Fibromyalgia sufferers in the region are demanding equality and solidarity institutions

Although it is considered a disease from 1992 by the World Health Organization, fibromyalgia sufferers do not feel like other patients. The lack of awareness in society about this condition sometimes extends to the health sector, where the similarity with the rest of patients is absent.

This has been only one of the complaints made by the members of AFIMA (Association of Fibromyalgia and Fatigue Chronicle of the Marina Alta) in the institutional event that took place in the City of Dénia on the occasion of the celebration of the International Day of the Fibromyalgia and Chronic Fatigue Syndrome.
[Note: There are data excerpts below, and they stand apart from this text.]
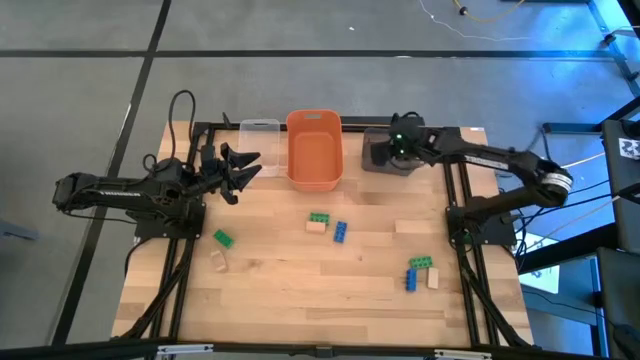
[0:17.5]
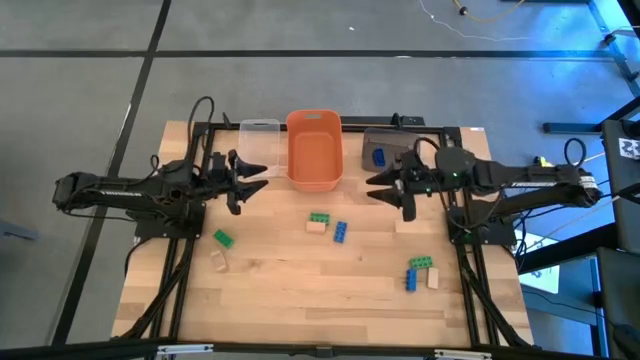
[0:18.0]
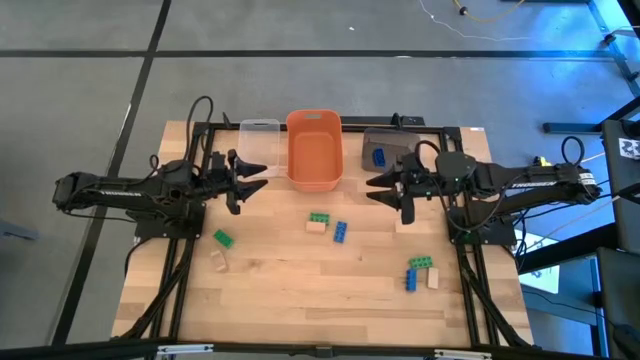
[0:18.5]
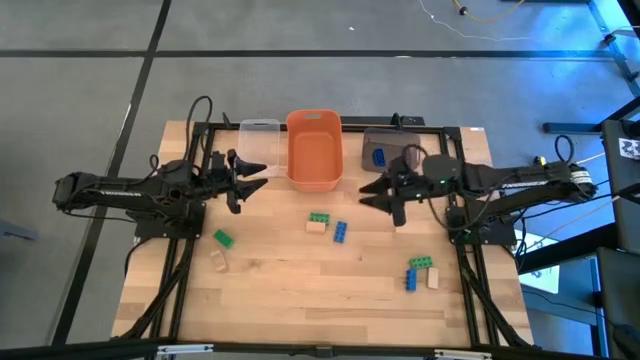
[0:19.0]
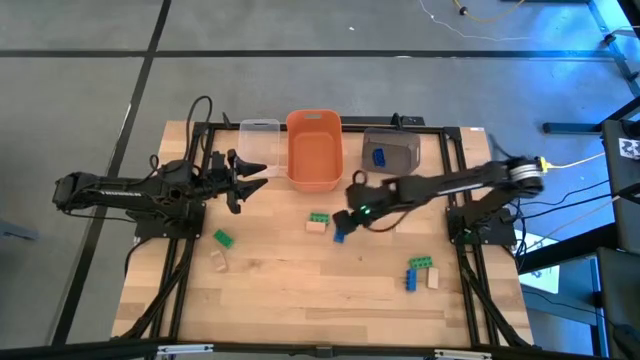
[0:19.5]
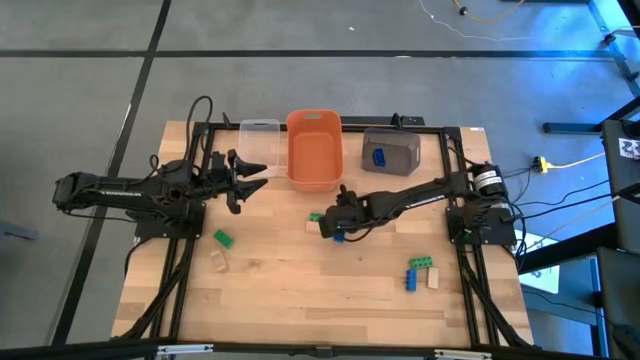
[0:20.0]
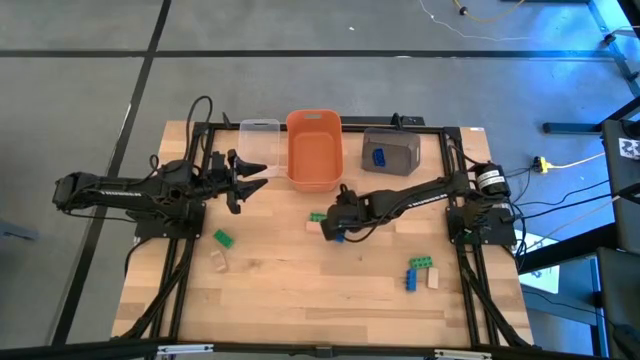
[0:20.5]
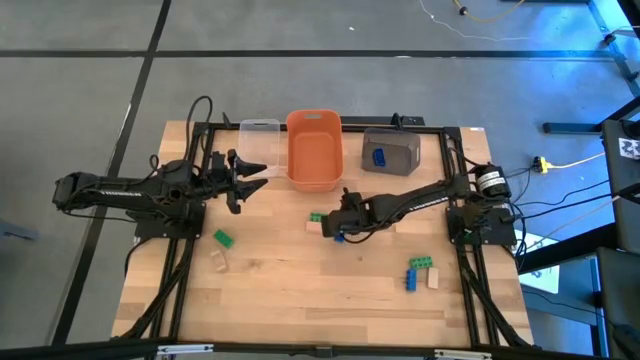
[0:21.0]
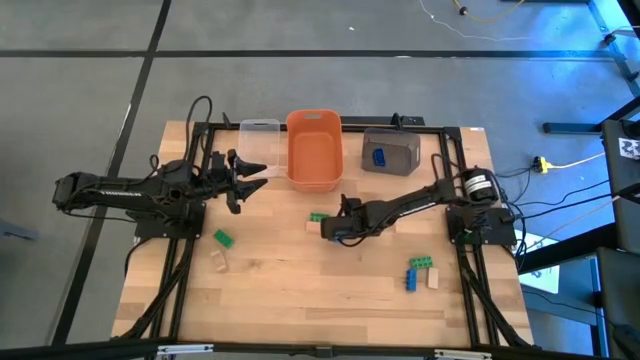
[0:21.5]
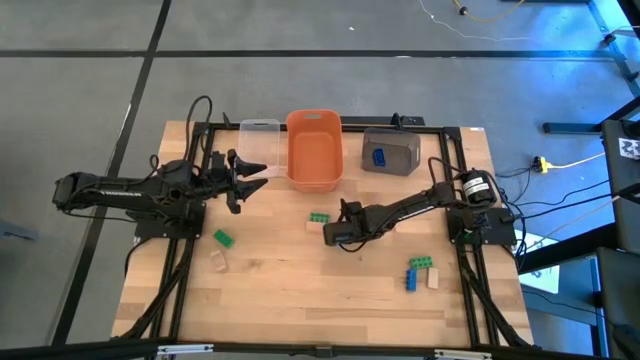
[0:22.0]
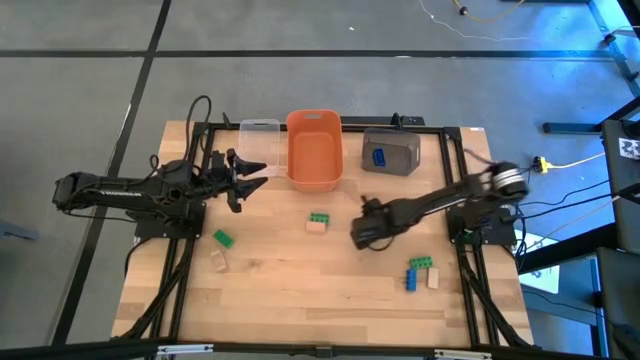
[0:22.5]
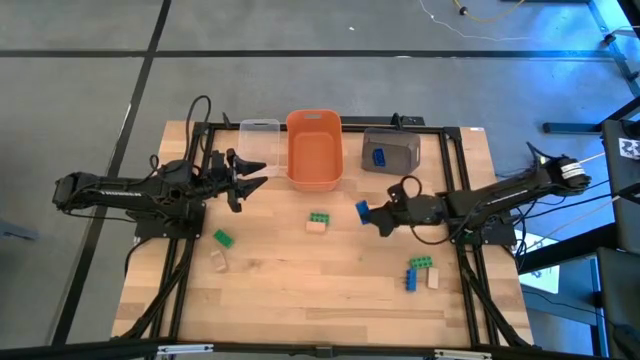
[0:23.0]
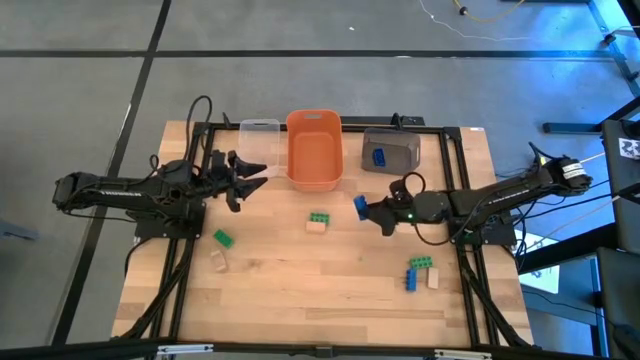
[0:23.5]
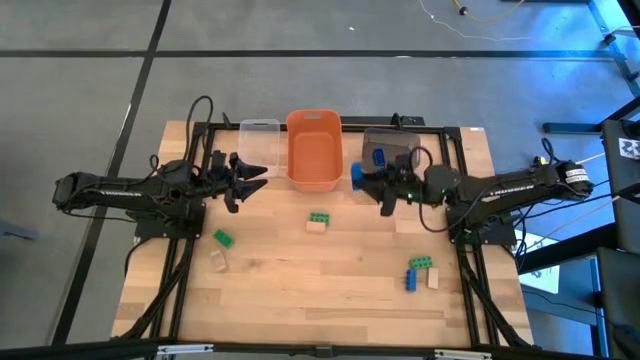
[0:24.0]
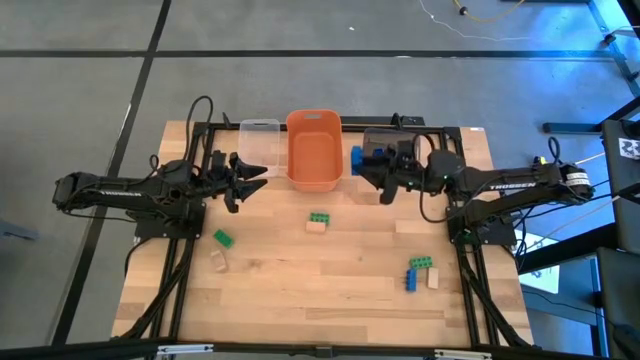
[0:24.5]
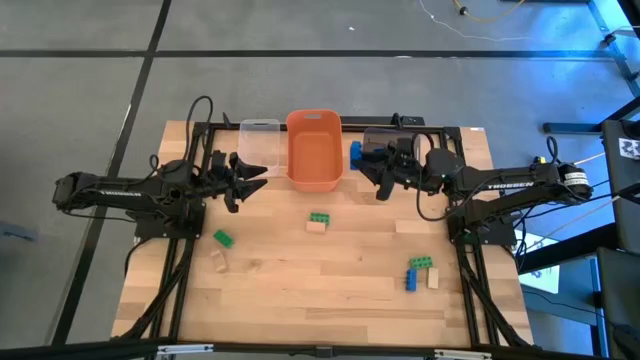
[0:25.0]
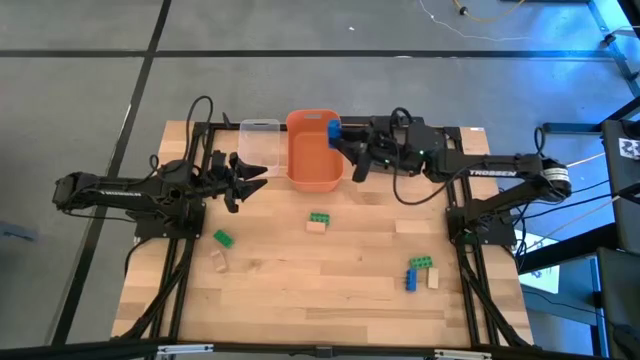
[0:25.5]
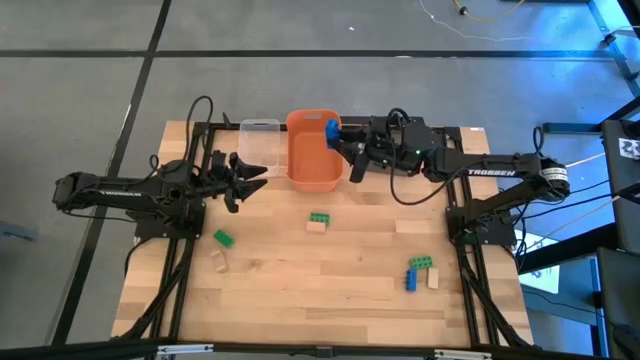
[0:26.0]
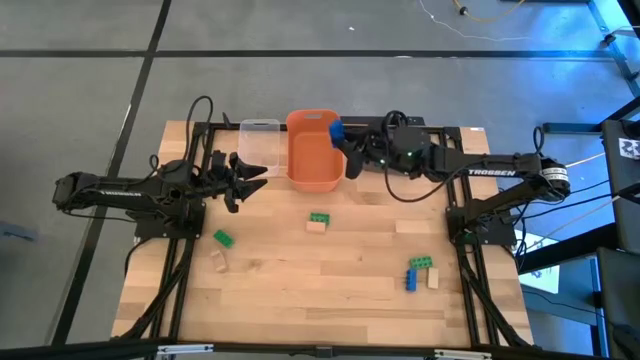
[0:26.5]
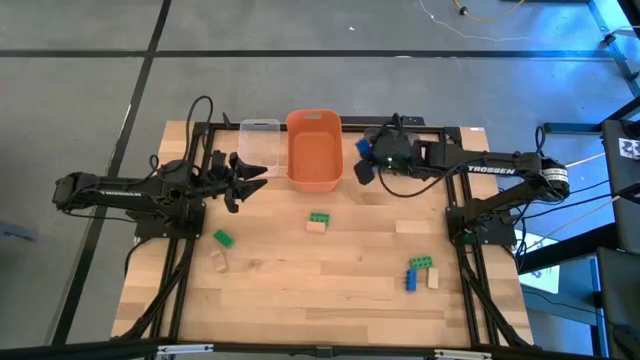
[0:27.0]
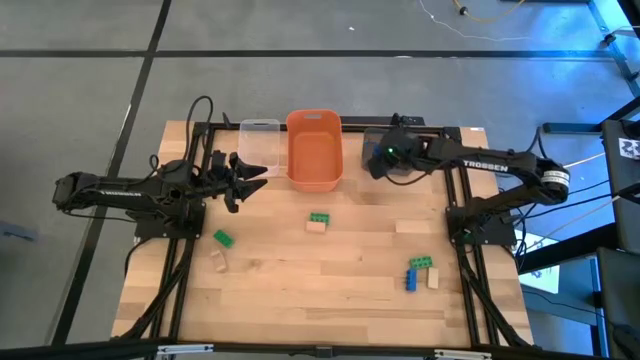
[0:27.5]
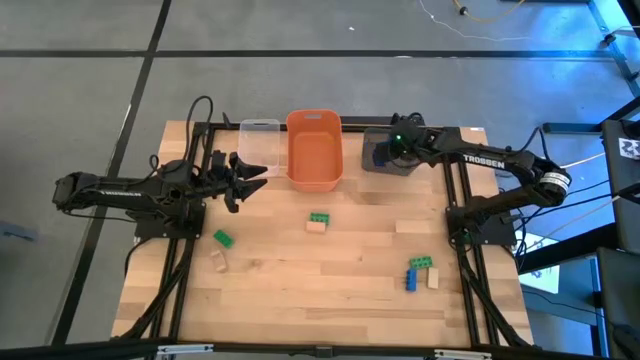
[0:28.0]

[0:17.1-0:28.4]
Task: Sort & place blocks by color
Put the top blue game piece into the black bin

And is that fibromyalgia prevents them from having a normal life due to the constant pain they suffer in their muscles, the persistent fatigue they suffer and the depressive symptoms that accompany this ailment, among others. And these causes are not always understood by society, which does not identify these symptoms with a disease by not being «visible».

AFIMA president, Montse Muñoz, read the manifesto of the International Day of Fibromyalgia in which patients claim their rights as patients and citizens to achieve a better quality of life for themselves and their families.

Among their claims are full recognition of the disease in public health and social system and law enforcement associations to enferemos "can stop being the cloth of tears and the only refuge for so many misunderstood and excluded patients".

They also called for research "to achieve better diagnosis, treatments and early detection", and «the improvement of health care and the establishment of unified protocols that guarantee equality in quality and accessibility to the resources and services of the public health system».

In the workplace, fibromyalgia sufferers claim that access to work is by adapting jobs through new forms of employment and they can receive "fair social benefits when the severity of the illness does not allow us to work".

The members of the association have been accompanied in this act by the acting mayor, Rafa Carrió, and the councilor for health, Cristina Morera, who have shown the support of the local government to those affected and their families and have congratulated the association for restart after a forced stop.

Fibromyalgia Association of Marina Alta today has 40 partners. This event is presented in partnership the new leadership headed by Montserrat Muñoz Ana Alcaraz and completing Ruescas (vice president), Juli Chaves Molina (secretary), Maite Pérez (treasurer), Pepi Escrivá and Juan Vilches (vocals).

Every Tuesday and Thursday, from 17: 30 to 20 hours, meet at the Seu d'Associacions of Campotorres Street, 13, to share experiences, carry out activities and inform any interested person. In addition, a volunteer psychologist has recently begun to collaborate with the association, providing support to those affected.